Dataset content START
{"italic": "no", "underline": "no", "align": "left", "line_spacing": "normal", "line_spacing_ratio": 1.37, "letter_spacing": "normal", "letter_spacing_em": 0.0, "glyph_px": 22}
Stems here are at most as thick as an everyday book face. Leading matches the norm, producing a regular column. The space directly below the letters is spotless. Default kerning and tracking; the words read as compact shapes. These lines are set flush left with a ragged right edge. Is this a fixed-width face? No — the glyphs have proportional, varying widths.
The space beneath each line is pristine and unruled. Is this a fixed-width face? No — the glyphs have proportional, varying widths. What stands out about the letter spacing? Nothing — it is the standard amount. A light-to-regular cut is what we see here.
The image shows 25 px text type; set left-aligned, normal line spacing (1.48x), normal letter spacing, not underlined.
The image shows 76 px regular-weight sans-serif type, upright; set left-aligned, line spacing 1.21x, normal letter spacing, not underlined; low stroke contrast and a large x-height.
Dataset content END
Dataset content START
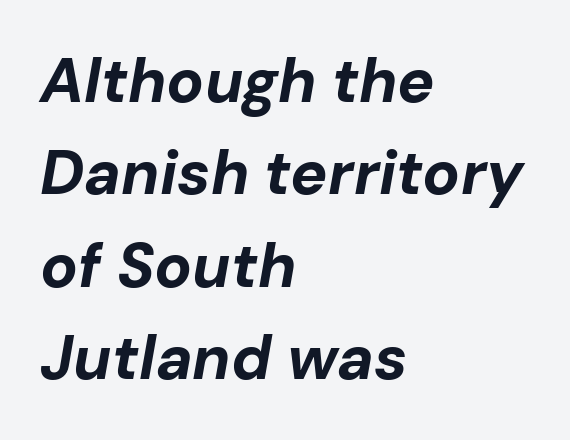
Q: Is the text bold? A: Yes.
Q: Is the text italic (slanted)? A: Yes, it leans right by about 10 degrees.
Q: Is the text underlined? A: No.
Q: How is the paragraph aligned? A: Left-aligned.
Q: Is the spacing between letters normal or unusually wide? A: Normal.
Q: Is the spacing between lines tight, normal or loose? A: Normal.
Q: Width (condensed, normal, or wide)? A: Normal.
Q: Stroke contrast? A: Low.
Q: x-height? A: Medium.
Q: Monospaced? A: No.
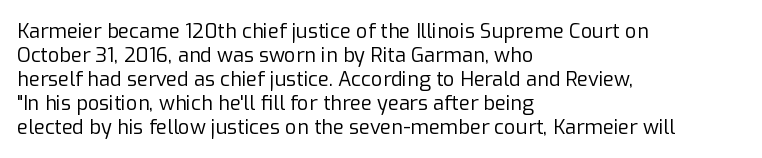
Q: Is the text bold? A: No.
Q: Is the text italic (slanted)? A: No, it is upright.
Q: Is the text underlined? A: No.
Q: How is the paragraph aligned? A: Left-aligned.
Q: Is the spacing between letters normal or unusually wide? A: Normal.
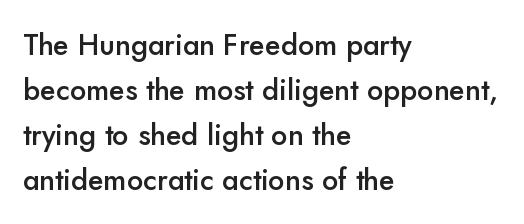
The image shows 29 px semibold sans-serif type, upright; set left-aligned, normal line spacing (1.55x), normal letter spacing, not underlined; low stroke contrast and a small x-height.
Dataset content END
◆ Exercise objective:
Where a line in the listing above includes the string "slanted", copy that line.

◆ Result of the task:
Q: Is the text italic (slanted)? A: Yes, it leans right by about 10 degrees.
Q: Is the text italic (slanted)? A: No, it is upright.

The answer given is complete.